[ASSIGNMENT]: Pick out all lines of the entries that include the word "like" and copy them.

Stored records:
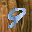
Label: 9
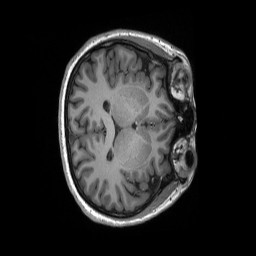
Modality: T1w
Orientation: axial
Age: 18
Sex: female
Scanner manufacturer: siemens
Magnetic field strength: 3 T
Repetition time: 2.3 s
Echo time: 0.00298 s
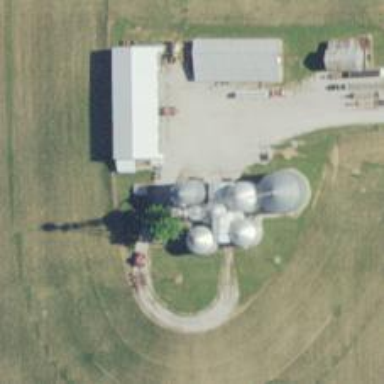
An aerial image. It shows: Silo.
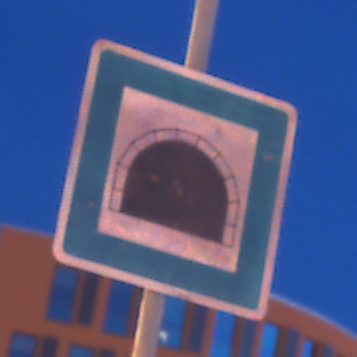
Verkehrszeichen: Tunnel
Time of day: Night
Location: Outdoor (Urban)
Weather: PartlyCloudy
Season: NotSpecified
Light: Artificial
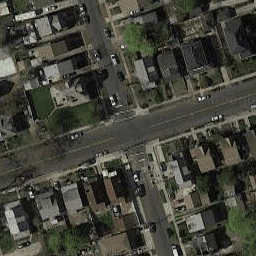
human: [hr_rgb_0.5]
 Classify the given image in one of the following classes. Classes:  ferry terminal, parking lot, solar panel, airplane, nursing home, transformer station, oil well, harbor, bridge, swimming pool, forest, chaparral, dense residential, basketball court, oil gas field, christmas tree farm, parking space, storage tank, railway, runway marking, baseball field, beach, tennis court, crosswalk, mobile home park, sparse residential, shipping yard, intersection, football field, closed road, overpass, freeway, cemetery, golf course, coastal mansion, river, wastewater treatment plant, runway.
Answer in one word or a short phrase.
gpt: intersection
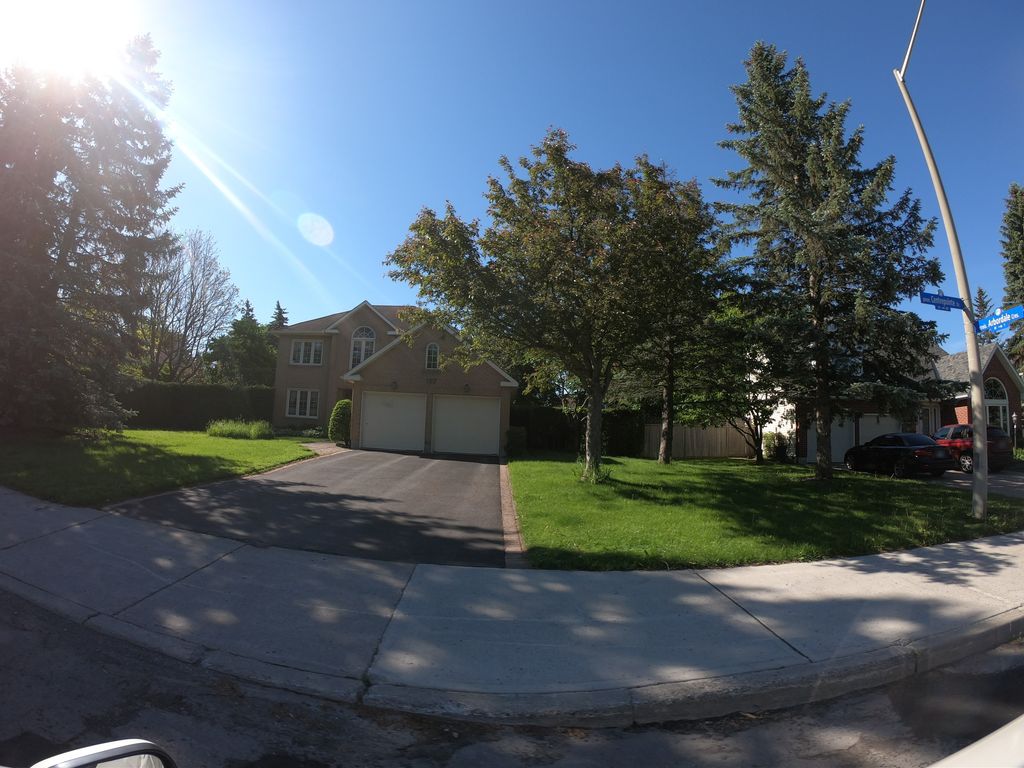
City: ottawa-gatineau
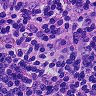
Metastatic tissue present: no
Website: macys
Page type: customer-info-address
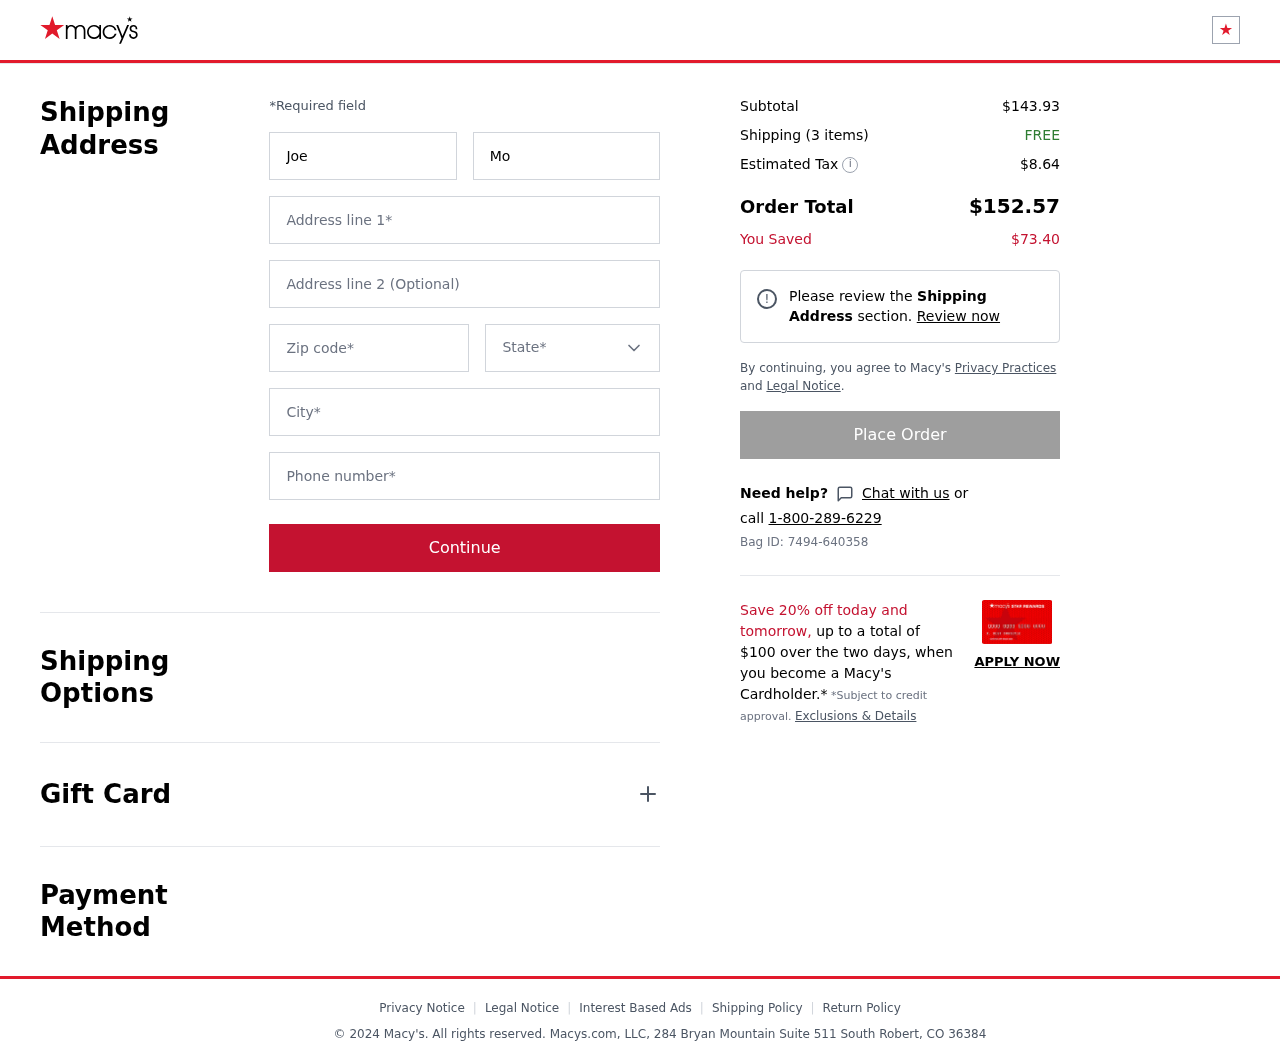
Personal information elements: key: PII_CITY
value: South Robert
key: PII_FIRSTNAME
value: Joe
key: PII_LASTNAME
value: Morgan
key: PII_PHONE
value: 6228077304
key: PII_POSTCODE
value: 36384
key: PII_STATE
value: Colorado
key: PII_STREET
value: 284 Bryan Mountain Suite 511
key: PII_STREET2
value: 017 Weber Junction
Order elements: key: ORDER_SUBTOTAL
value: $143.93
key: ORDER_NUM_ITEMS
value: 3
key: ORDER_SHIPPING_COST
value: FREE
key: ORDER_TAX
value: $8.64
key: ORDER_TOTAL
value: $152.57
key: ORDER_SAVINGS
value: $73.40
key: ORDER_BAG_ID
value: Bag ID: 7494-640358
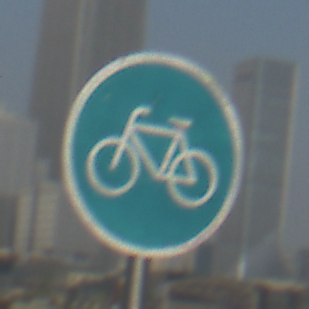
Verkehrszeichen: Radweg
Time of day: SunriseSunset
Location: Outdoor (Urban)
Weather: Clear
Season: NotSpecified
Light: Natural
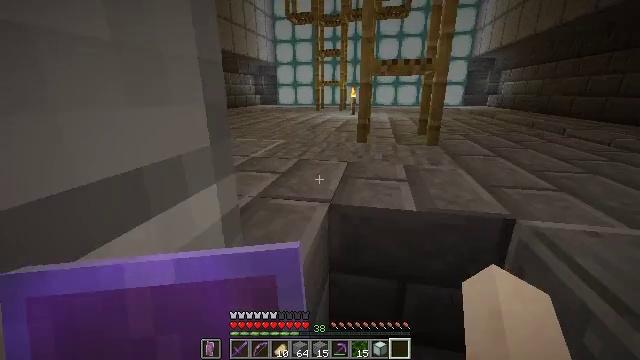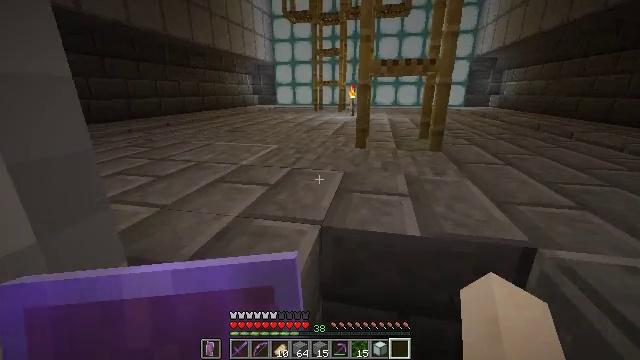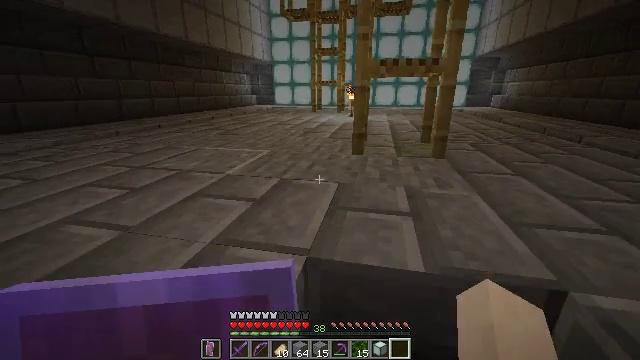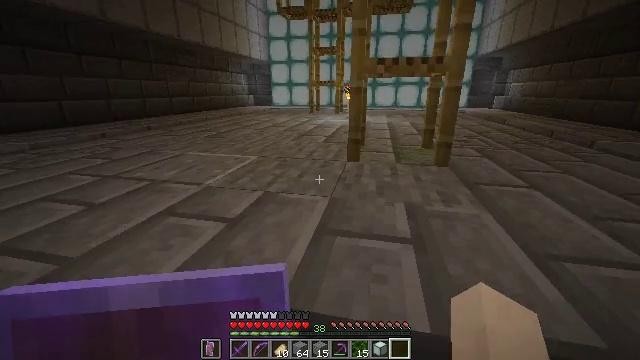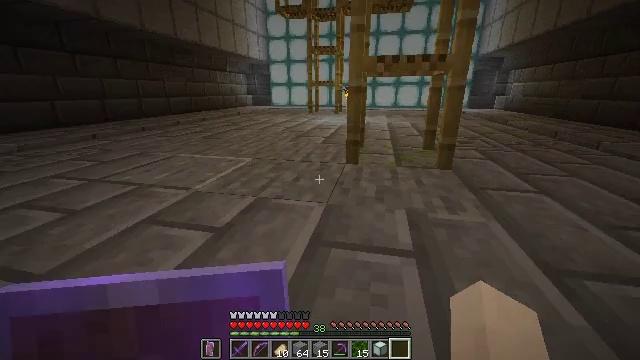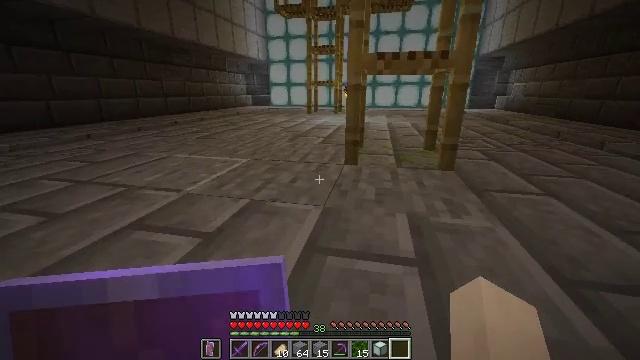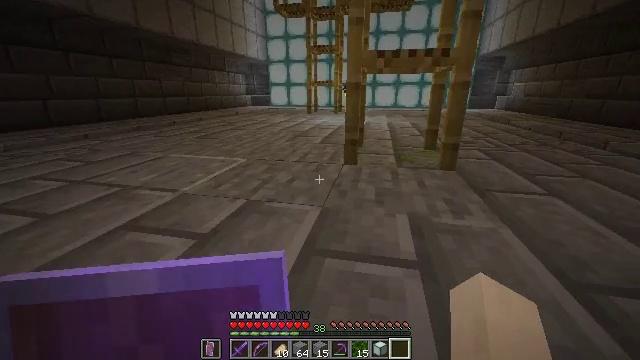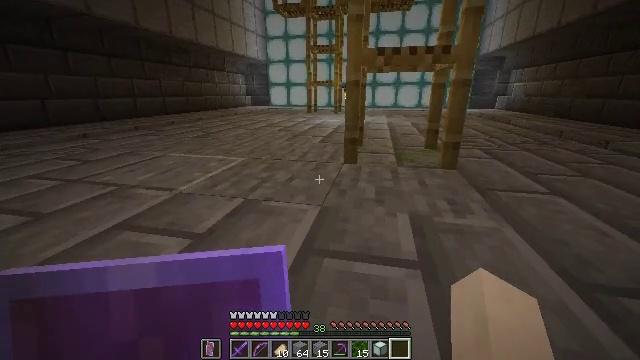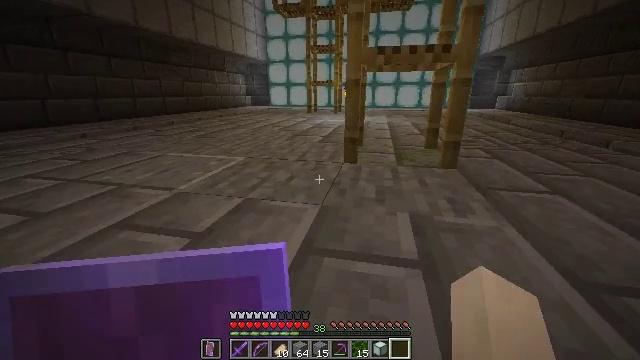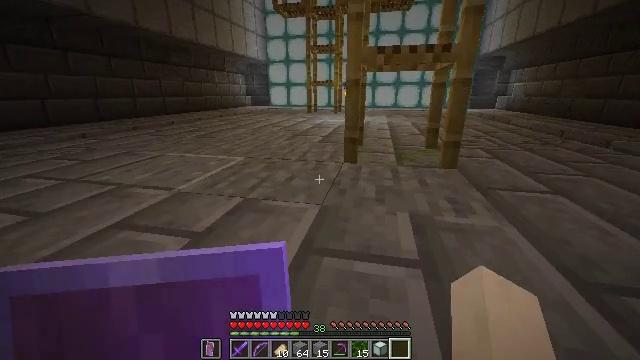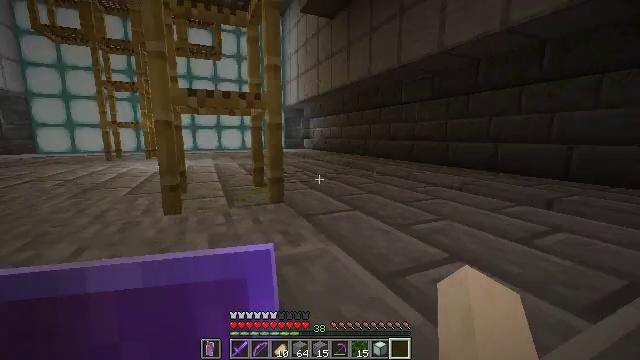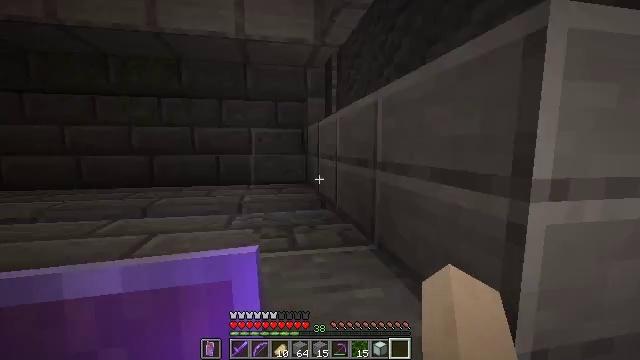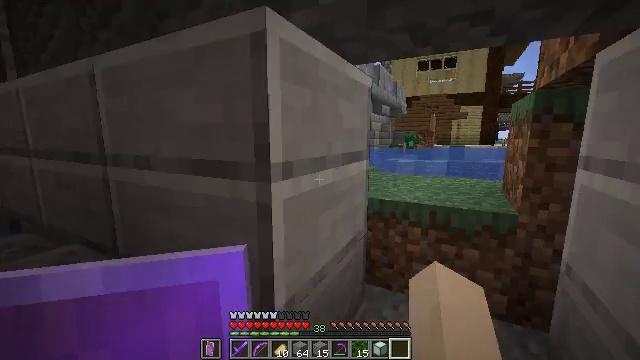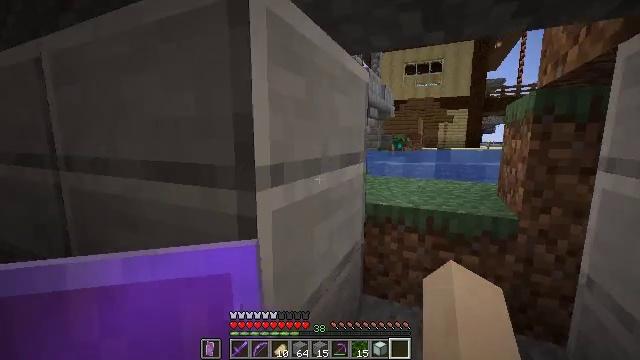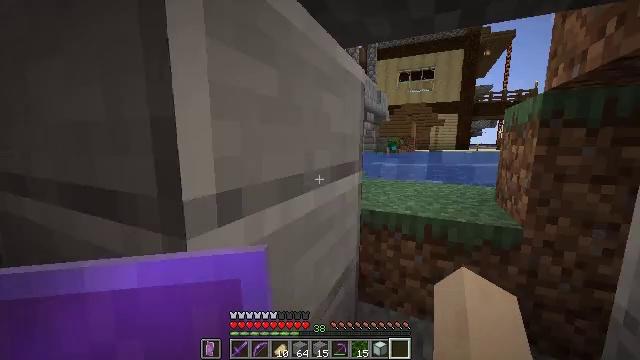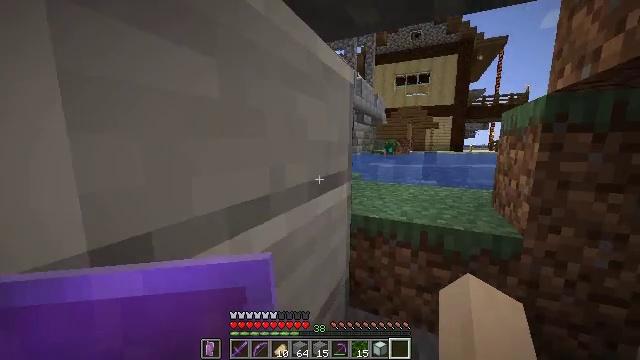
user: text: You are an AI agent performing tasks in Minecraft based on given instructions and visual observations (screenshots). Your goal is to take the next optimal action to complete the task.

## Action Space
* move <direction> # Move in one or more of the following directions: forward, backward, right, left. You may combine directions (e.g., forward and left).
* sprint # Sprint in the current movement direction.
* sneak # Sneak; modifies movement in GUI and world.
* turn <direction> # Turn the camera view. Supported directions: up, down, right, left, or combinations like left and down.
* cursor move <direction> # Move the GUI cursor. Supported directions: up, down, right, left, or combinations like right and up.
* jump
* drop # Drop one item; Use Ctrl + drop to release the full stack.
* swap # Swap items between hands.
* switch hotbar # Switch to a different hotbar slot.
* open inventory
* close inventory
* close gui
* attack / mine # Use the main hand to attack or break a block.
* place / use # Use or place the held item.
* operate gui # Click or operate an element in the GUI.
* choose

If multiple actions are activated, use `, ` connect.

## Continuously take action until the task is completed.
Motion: motion action
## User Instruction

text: Craft polished blackstone stairs using blackstone.
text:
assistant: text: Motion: move forward
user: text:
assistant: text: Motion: move forward
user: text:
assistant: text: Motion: move forward
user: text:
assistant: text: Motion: no_op
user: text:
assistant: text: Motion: no_op
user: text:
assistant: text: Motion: no_op
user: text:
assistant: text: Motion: no_op
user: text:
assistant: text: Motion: no_op
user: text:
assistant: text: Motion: no_op
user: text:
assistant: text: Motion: move forward, turn right and up
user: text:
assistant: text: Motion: move forward, turn right and up
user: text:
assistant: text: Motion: move forward, turn right and down
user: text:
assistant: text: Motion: move forward, sprint, turn right
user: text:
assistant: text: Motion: move forward, sprint
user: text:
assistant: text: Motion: move forward, sprint
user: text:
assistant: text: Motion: move forward, sprint
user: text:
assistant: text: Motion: move forward, sprint
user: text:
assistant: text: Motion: move forward, sprint
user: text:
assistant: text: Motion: move forward, sprint, turn right
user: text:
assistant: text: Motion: move forward, sprint, turn right
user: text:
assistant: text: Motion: move forward, sprint, turn right
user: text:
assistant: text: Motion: move forward, sprint
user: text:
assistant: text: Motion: move forward, sprint
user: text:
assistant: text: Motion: move forward, sprint, turn left
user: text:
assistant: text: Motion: move forward, sprint, turn left and down, jump
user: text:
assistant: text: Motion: move forward, sprint, turn left and down, jump
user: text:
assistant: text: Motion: move forward, sprint, turn left and down, jump
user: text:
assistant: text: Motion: move forward, sprint, turn left and down, jump
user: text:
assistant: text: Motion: move forward, sprint
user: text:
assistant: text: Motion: move forward, sprint
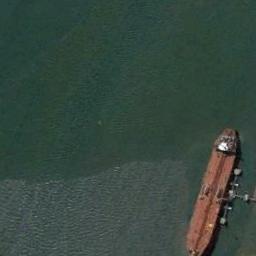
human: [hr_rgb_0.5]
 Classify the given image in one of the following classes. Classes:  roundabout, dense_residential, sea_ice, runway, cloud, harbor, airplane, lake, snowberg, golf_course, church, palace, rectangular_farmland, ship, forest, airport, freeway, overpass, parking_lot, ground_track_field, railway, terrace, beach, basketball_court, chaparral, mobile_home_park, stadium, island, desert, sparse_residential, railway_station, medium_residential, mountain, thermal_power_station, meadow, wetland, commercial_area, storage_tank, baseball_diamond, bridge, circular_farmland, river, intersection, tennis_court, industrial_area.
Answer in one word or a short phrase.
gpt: ship
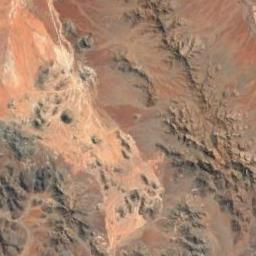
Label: mountain
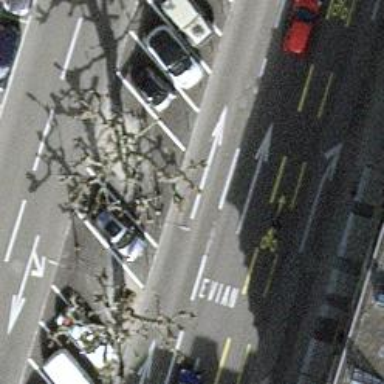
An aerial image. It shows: Tree-lined avenue.
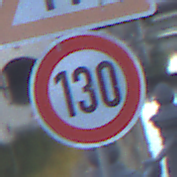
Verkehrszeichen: Geschwindigkeit130
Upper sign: EinseitigVerengteFahrbahnLinks
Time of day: SunriseSunset
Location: Outdoor (Urban)
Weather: Clear
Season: NotSpecified
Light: Natural
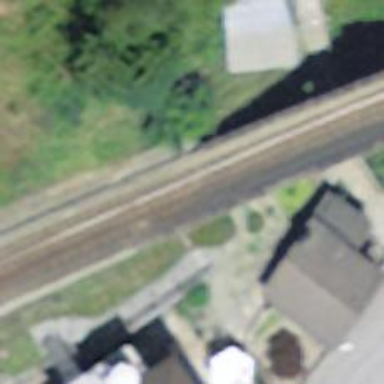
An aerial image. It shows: Narrow-gauge railway bridge with electrified tracks and single track passing over it.
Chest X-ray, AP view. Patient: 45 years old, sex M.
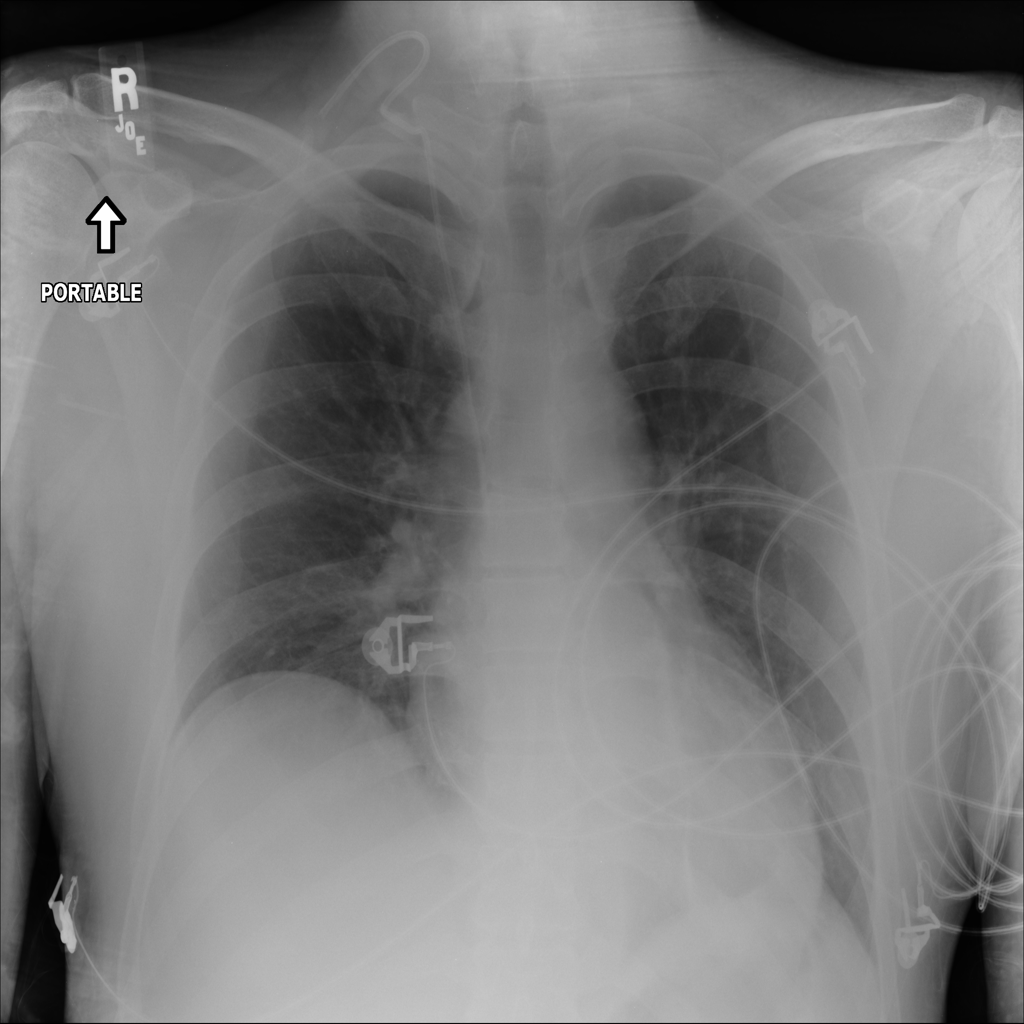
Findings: No Finding

[TASK OUTPUT]:
* turn <direction> # Turn the camera view. Supported directions: up, down, right, left, or combinations like left and down.
* cursor move <direction> # Move the GUI cursor. Supported directions: up, down, right, left, or combinations like right and up.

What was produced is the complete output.